Required action: In the copy, include no pictures, but reproduce every record exactly.

* * * * * * *

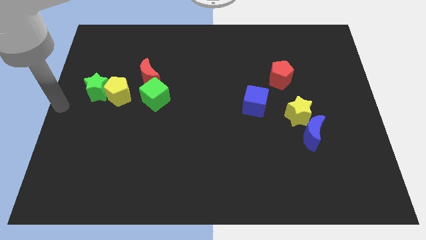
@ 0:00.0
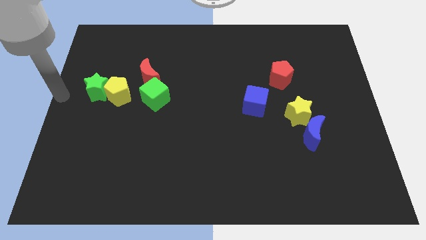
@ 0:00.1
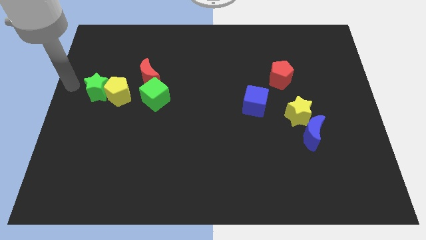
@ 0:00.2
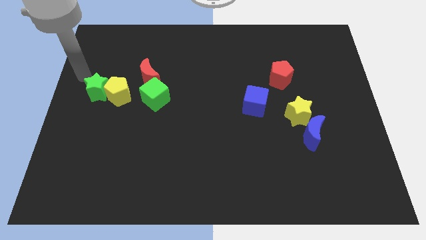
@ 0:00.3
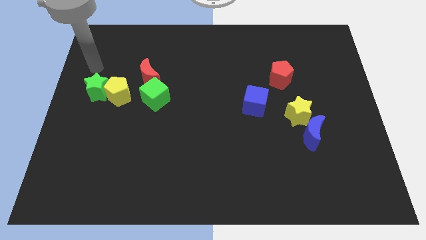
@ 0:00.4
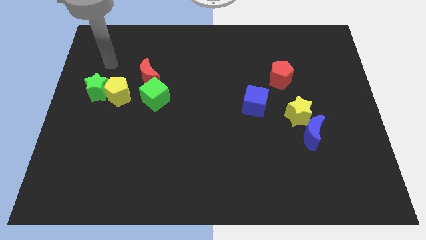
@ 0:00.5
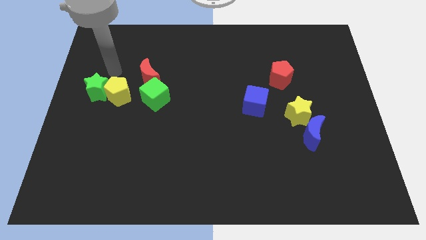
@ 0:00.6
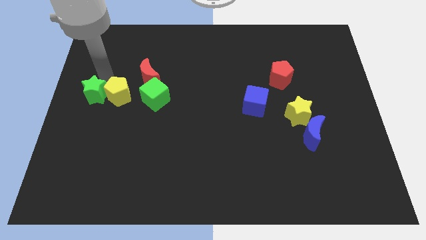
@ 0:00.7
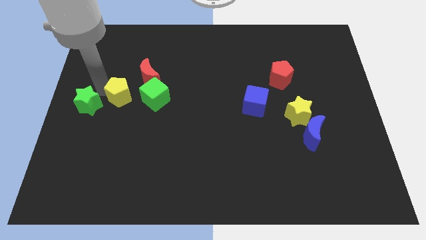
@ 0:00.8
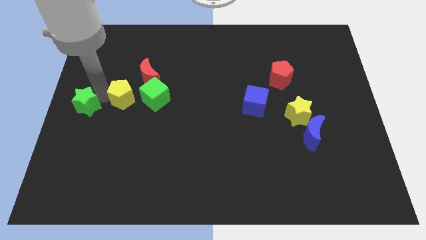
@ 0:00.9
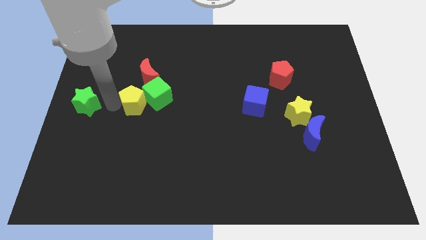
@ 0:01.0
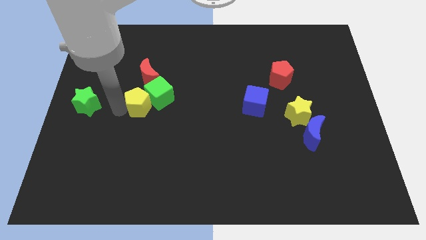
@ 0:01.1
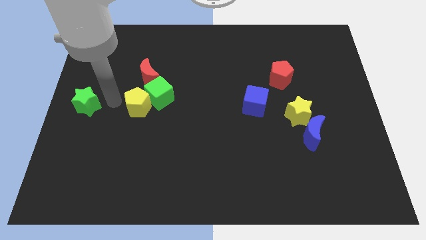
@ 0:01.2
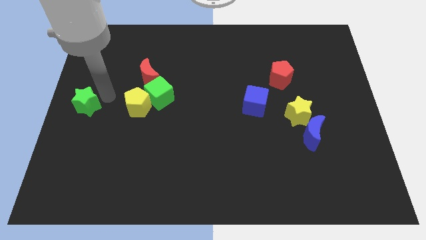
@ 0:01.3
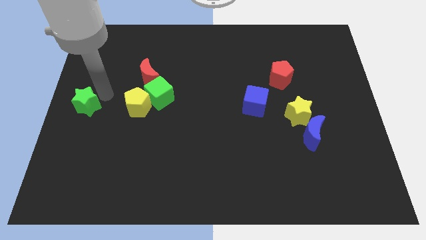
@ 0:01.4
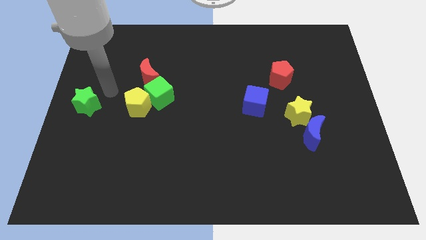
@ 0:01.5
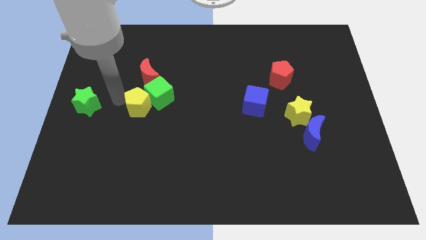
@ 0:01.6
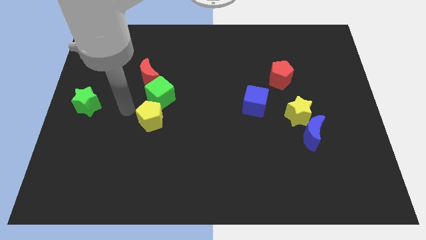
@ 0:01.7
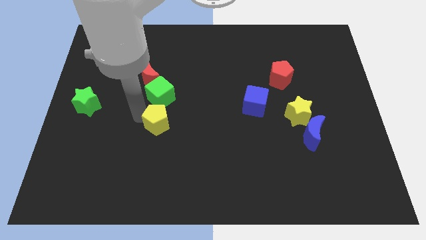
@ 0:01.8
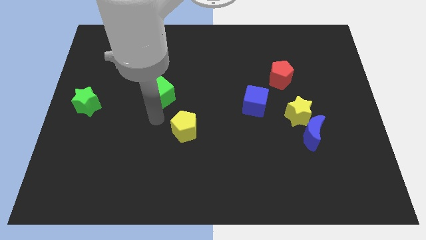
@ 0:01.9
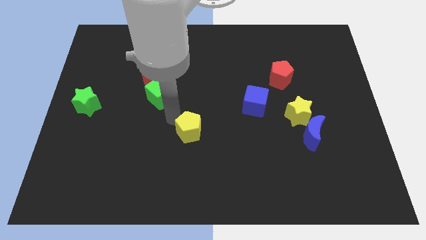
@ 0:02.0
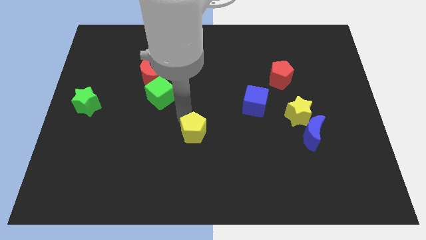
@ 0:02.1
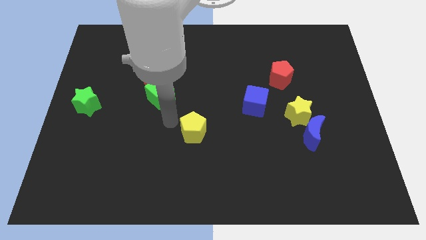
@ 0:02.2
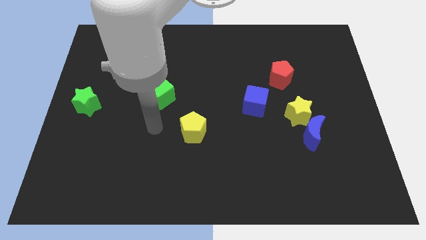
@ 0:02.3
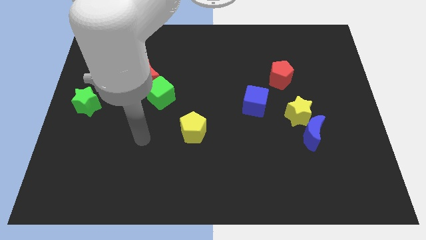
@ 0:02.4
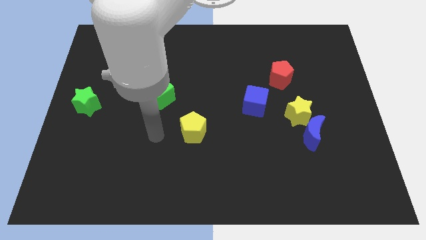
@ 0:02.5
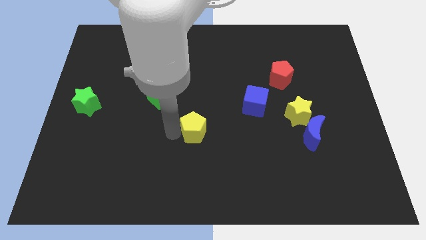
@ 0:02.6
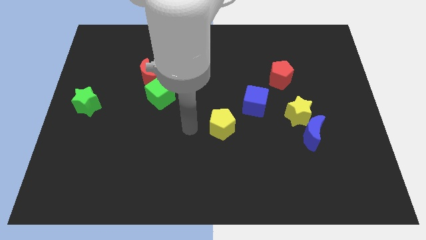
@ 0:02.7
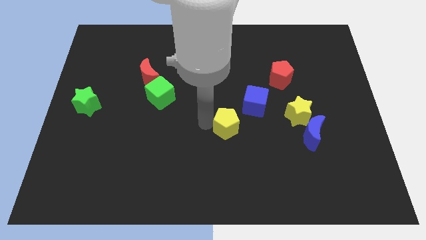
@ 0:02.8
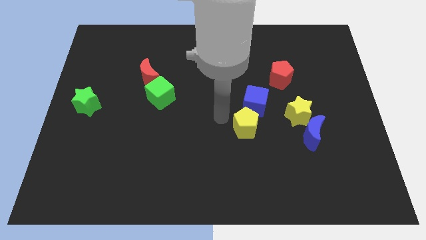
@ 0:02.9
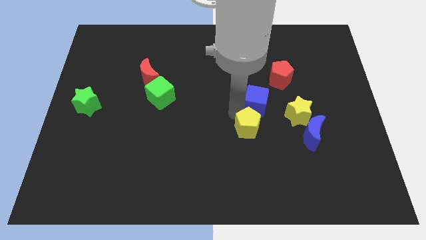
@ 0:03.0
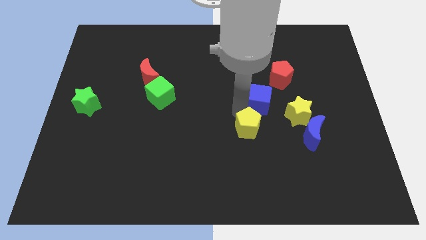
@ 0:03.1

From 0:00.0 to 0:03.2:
separate the green star and yellow pentagon

* * * * * * *

Task result:
@ 0:00.0
@ 0:00.1
@ 0:00.2
@ 0:00.3
@ 0:00.4
@ 0:00.5
@ 0:00.6
@ 0:00.7
@ 0:00.8
@ 0:00.9
@ 0:01.0
@ 0:01.1
@ 0:01.2
@ 0:01.3
@ 0:01.4
@ 0:01.5
@ 0:01.6
@ 0:01.7
@ 0:01.8
@ 0:01.9
@ 0:02.0
@ 0:02.1
@ 0:02.2
@ 0:02.3
@ 0:02.4
@ 0:02.5
@ 0:02.6
@ 0:02.7
@ 0:02.8
@ 0:02.9
@ 0:03.0
@ 0:03.1

From 0:00.0 to 0:03.2:
separate the green star and yellow pentagon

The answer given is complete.